Oxford Nanopore's technology, the only nanopore-based sequencing method on the market so far, must use a polymerase as a ratcheting mechanism to slow the passage of DNA through the protein pore and give the device enough time to make the electrical measurements for each DNA base.

By detecting changes to the surface charge of the molecule, iNanoBio can theoretically call bases without slowing them down, as long as the device has a high enough sampling rate. With the FENT working at 100 MHz, iNanoBio now has that device, one that could even go as fast as 1 GHz, Takulapalli noted.

Spun out of Arizona State University in 2007, iNanoBio has spent the last few years progressing on its solid-state concept. In 2019, the company received a $5.4 million grant from the Defense Advances Research Projects Agency to develop nanopore tech for sequencing epigenetic modifications. That grant was part of a $27.8 million project led by Mount Sinai's Icahn School of Medicine to develop a device for rapid analysis of epigenetic markers using blood samples, with potential applications in detecting exposure to weapons of mass destruction.

The firm has now grown to 17 employees, up from eight in 2014, with goals to more than double in size over the next year.

Takulapalli also said he's working on securing Series A financing but declined to provide further details. In 2019, he told GenomeWeb that he wanted to raise more than $40 million in private investment by the end of 2020.

The company is now working toward a DNA sequencing platform, Takulapalli said, but how long it might take to get there is unclear.

The next technical milestone is to generate chips with FENTs paired with 20 nm to 30 nm pores, a process which could take up to a year. Takulapalli noted that the firm's manufacturing methods are done with the type of silicon wafers actually used in foundries, "so not just a prototype in a small lab." But the firm has often provided overly optimistic timeframes: In 2019, Takulapalli told GenomeWeb the company was aiming to have its proof-of-concept device ready by the end of 2020, and he said the same in 2014.

Church said the "wishful thinking academic" in him hoped to get an iNanoBio prototype in his lab "within a year," but he cautioned he was "in no way speaking on behalf of the company."
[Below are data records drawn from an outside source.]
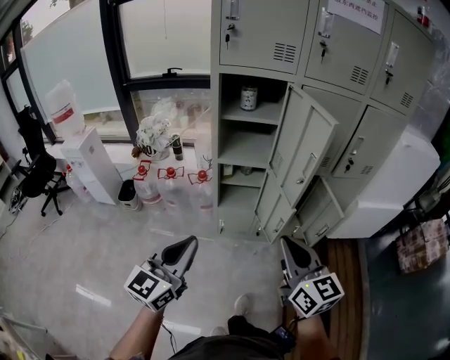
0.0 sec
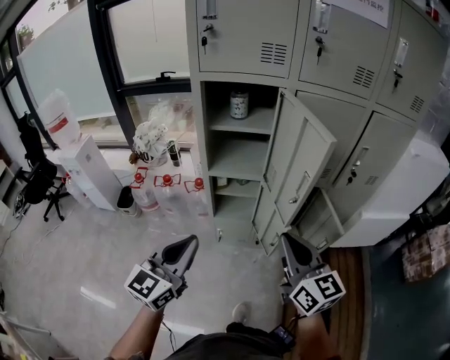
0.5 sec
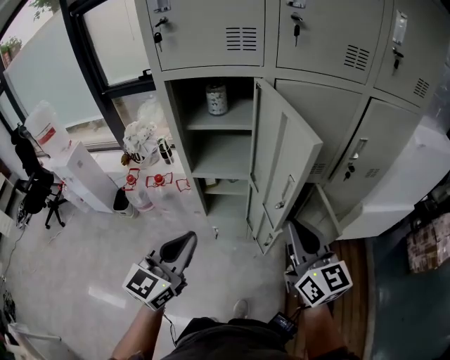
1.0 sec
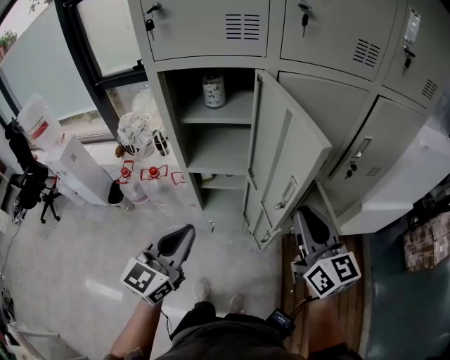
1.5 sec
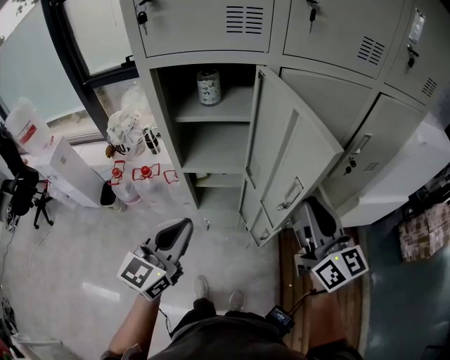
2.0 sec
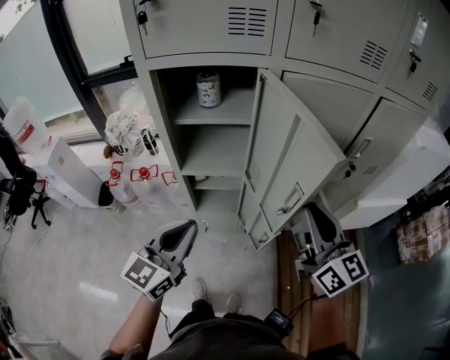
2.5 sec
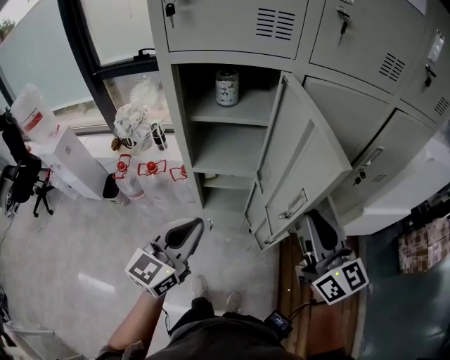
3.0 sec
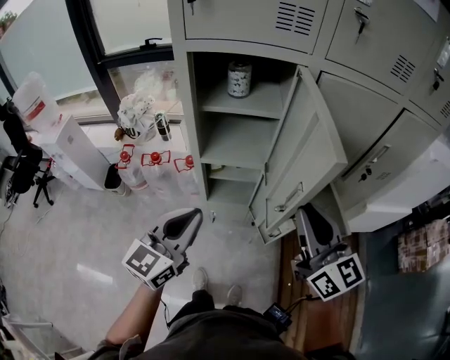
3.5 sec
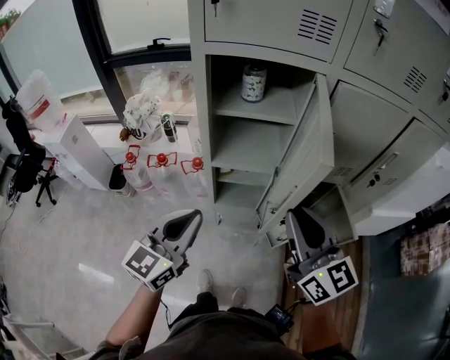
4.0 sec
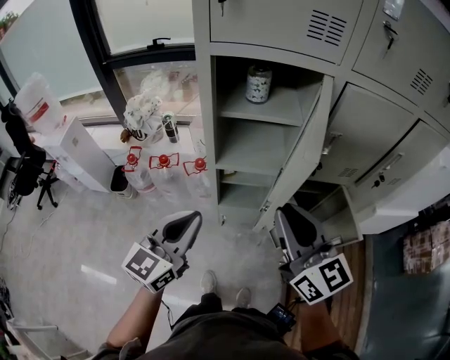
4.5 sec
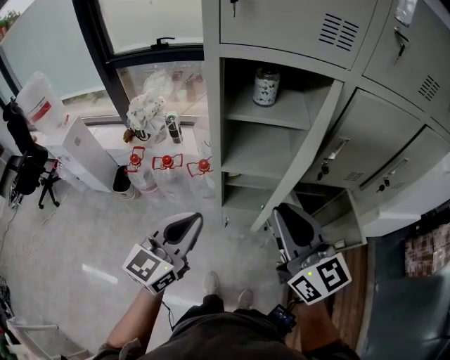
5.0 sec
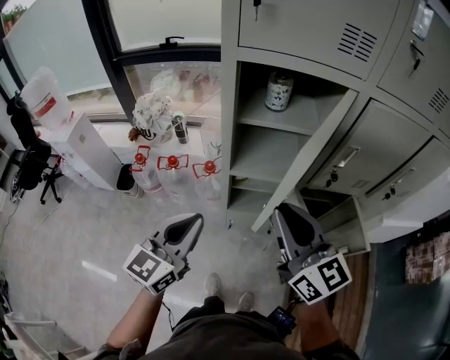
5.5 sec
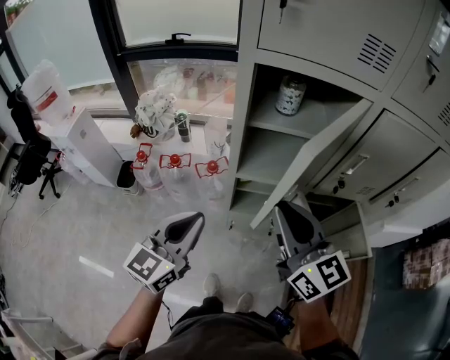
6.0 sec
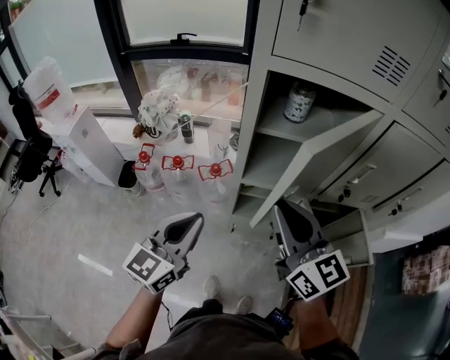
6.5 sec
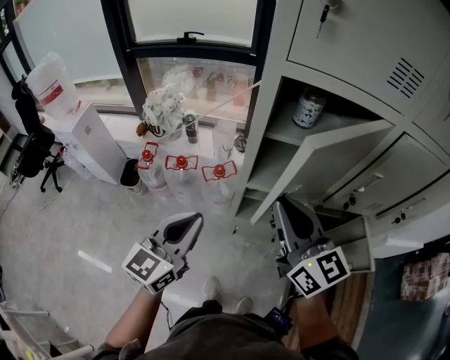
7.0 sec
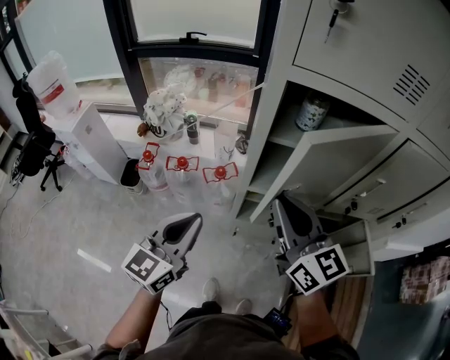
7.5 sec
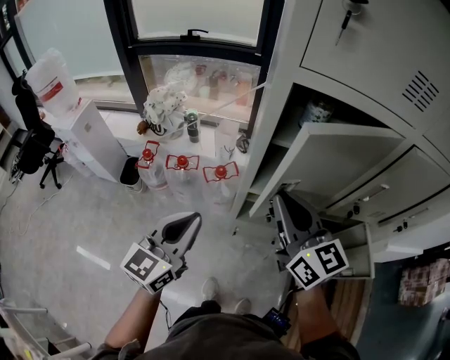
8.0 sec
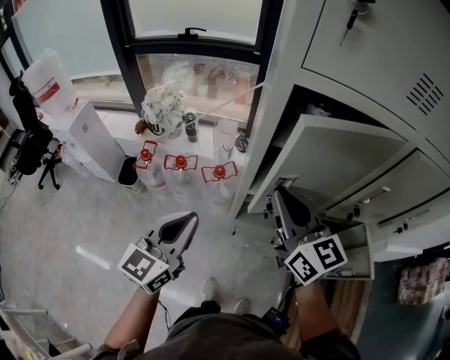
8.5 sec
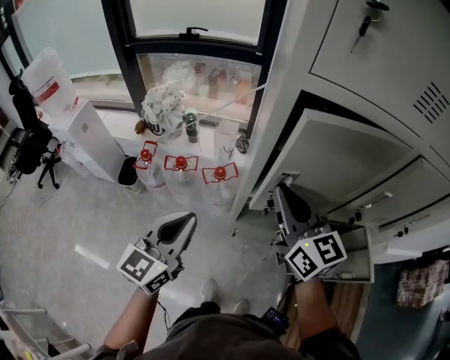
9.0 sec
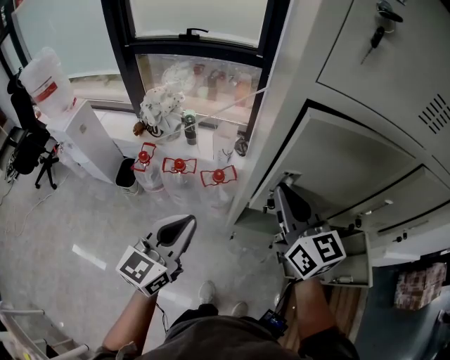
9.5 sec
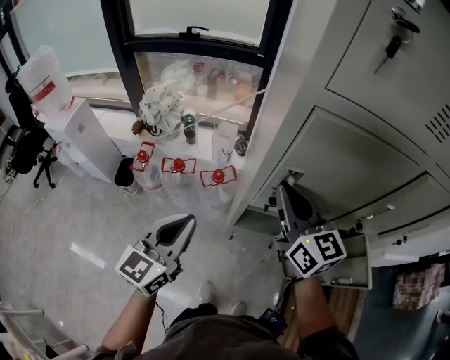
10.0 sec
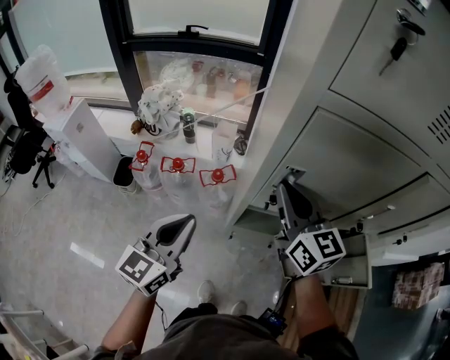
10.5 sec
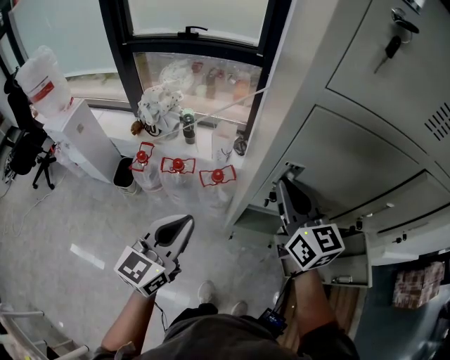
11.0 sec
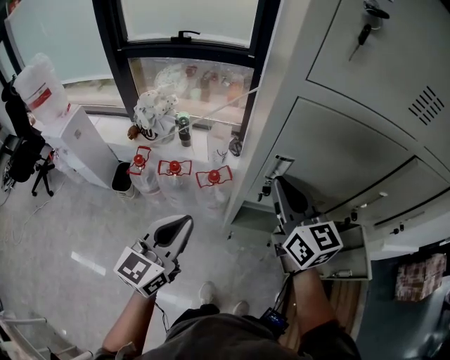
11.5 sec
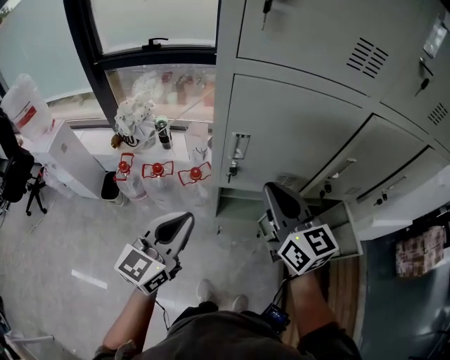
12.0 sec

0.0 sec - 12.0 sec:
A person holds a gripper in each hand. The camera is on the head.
0.0 sec - 2.0 sec: The right gripper shifts some 25 cm forward and to the right, while the left gripper travels forward by approximately 20 cm.
2.0 sec - 4.0 sec: The left gripper heads to the left, covering roughly 5 cm, while the right gripper is displaced to the left by roughly 15 cm.
4.0 sec - 6.0 sec: The left gripper goes roughly 10 cm to the left. Meanwhile the right gripper heads to the left and forward, covering about 15 cm.
6.0 sec - 8.0 sec: The right gripper moves forward, about 10 cm; the left gripper goes some 5 cm forward.
8.0 sec - 10.0 sec: The left gripper moves roughly 5 cm. The right gripper is displaced forward by some 10 cm.
10.0 sec - 12.0 sec: The left gripper moves to the right and backward, approximately 10 cm. The right gripper moves backward and to the right, about 10 cm.

The firm has not yet publicly released data on its technology. "We know we can get a solid publication," Takulapalli said, "but we want to get a little bit closer to commercial launch and then publish." He said the firm is targeting read lengths between 100 kb and 1 Mb and wants to enter the market with "greater than 99 percent raw read accuracy" and "at least 99.9 percent consensus accuracy."

"Getting read qualities above Q20 [or 99.9 percent accuracy] would be ideal," Mason said, "but even Q15 can be useful if the reads are long for certain applications like assembly, phasing, or structural variation mapping."
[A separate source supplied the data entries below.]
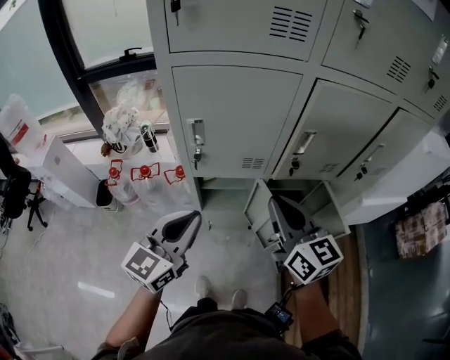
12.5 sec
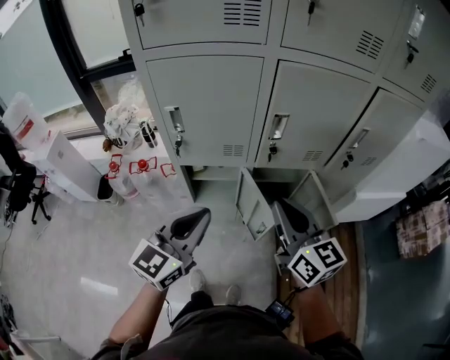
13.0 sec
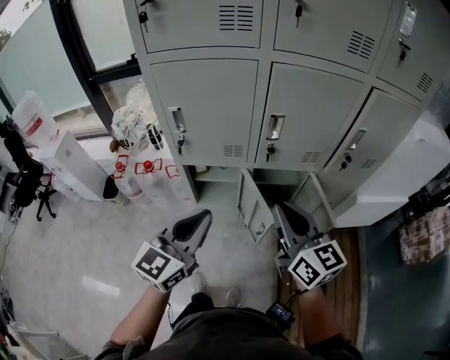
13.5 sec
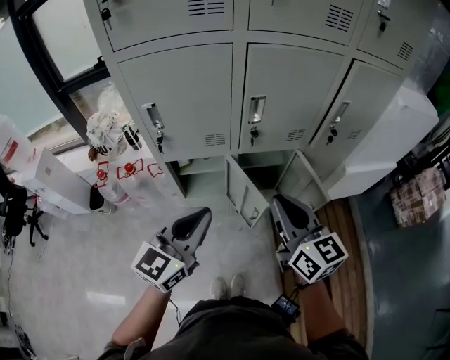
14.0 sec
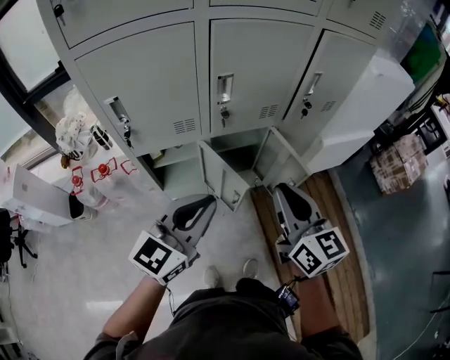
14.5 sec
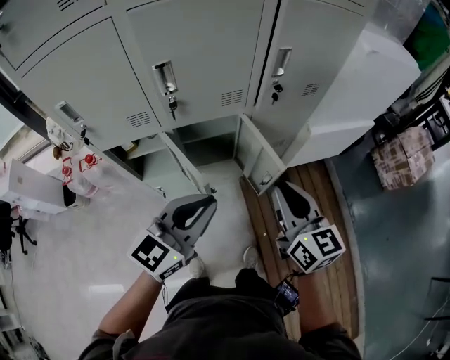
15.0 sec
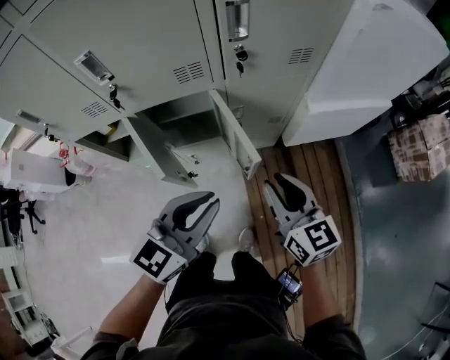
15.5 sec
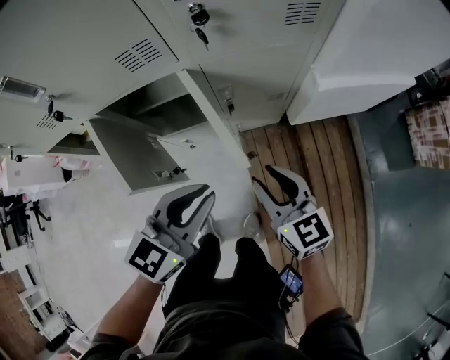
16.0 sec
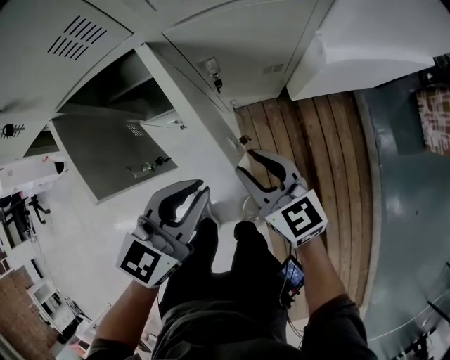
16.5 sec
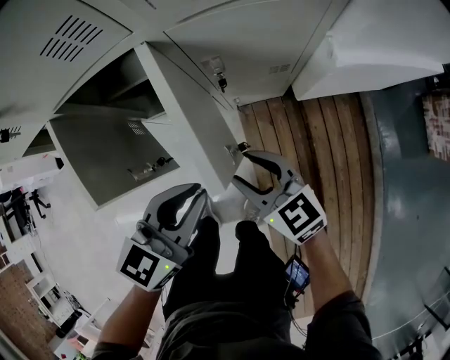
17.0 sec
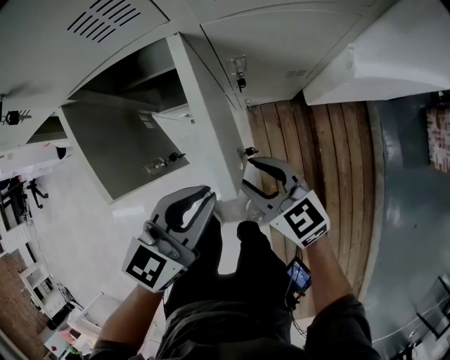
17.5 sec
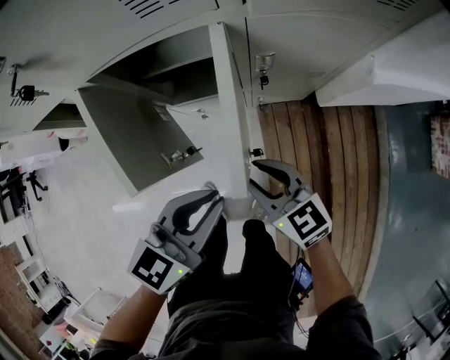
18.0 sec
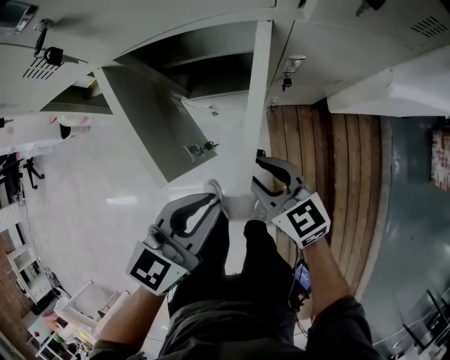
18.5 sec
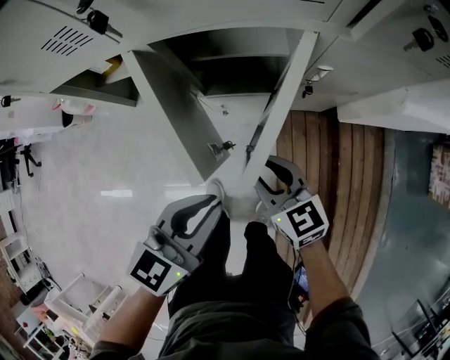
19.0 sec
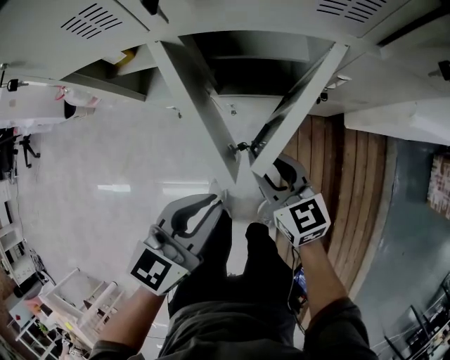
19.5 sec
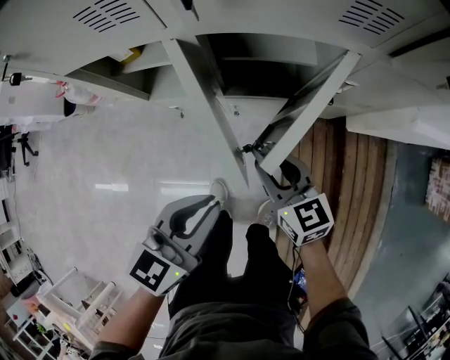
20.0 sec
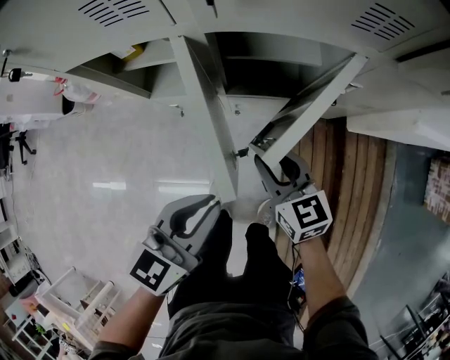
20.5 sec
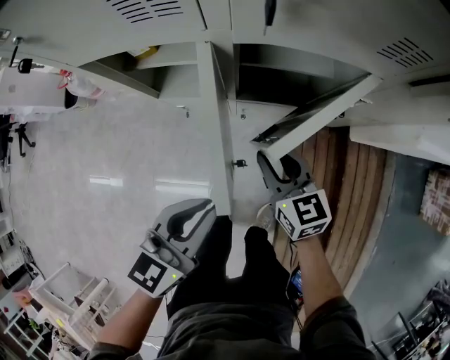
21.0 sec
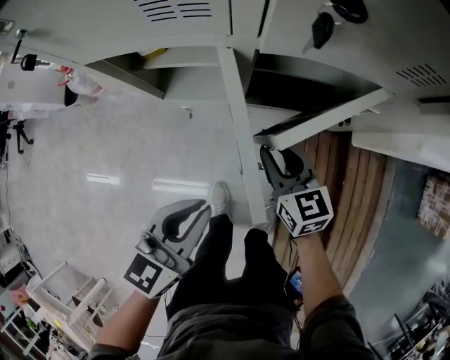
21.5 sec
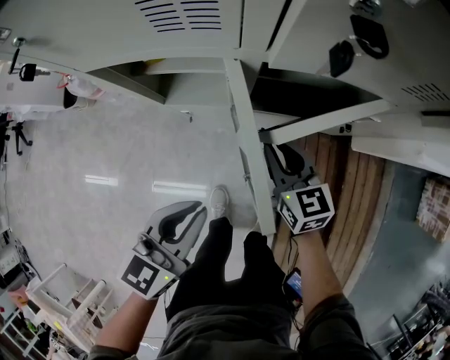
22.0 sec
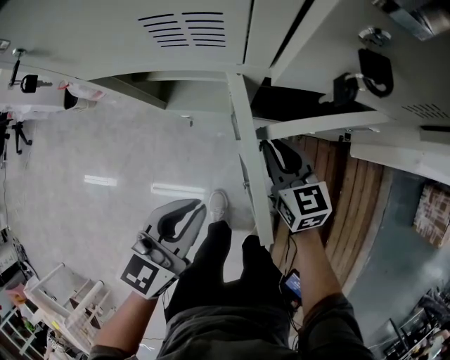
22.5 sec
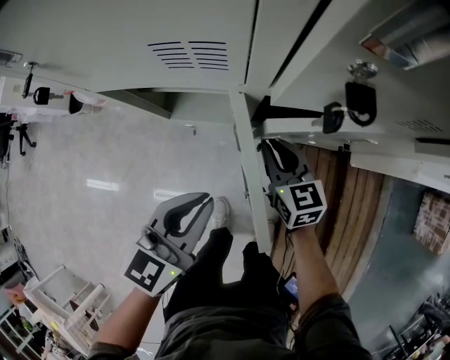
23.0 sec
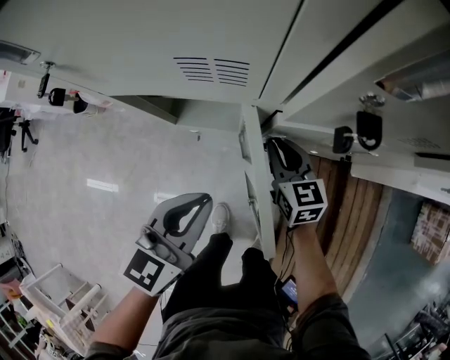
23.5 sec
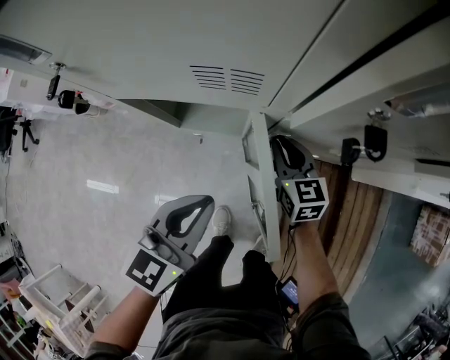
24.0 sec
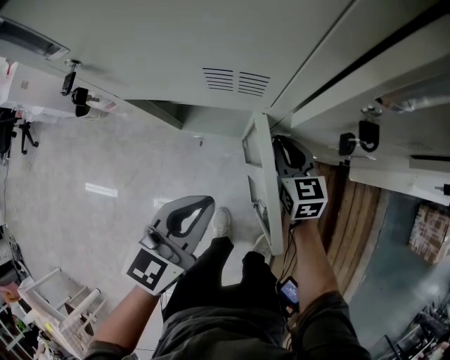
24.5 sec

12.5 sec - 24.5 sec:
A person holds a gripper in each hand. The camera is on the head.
12.5 sec - 14.5 sec: The left gripper goes approximately 20 cm to the right. Meanwhile the right gripper travels to the right and backward by approximately 20 cm.
14.5 sec - 16.5 sec: The left gripper is displaced to the right, downward and forward by approximately 40 cm, and swivels roughly 20 degrees. Meanwhile the right gripper is displaced downward, to the right and forward by roughly 40 cm, rotates about 30 degrees, and opens its fingers.
16.5 sec - 18.5 sec: The two grippers go about 15 cm to the left.
18.5 sec - 20.5 sec: The right gripper goes approximately 10 cm to the left and forward. The left gripper is displaced to the left by approximately 10 cm.
20.5 sec - 22.5 sec: The left gripper moves to the left and forward, about 10 cm, while the right gripper heads forward and to the left, covering roughly 10 cm.
22.5 sec - 24.5 sec: The right gripper shifts about 5 cm forward. The left gripper moves roughly 5 cm.

"Very often there's no upper limit to how much accuracy you can get if you throw enough reads at it," Church added.

In parallel to its work on manufacturing, the company is working on a base calling algorithm. "We've already started on doing very traditional analysis and also machine learning-based analysis for base signature detection," Takulapalli said.

In addition to seeking funding partners, he said the firm is "open to working with others to commercialize" its technology. The firm will target the research market first, but "dares" to go after the diagnostics market, he said, including point-of-care diagnostics.

The nanopore tech could even be used for even more than just DNA sequencing. "It will be able to do both protein detection and protein sequencing," Takulapalli said. "However, these are not our immediate areas of focus. Later on, once we develop a DNA sequencer, we will start work on protein sequencing."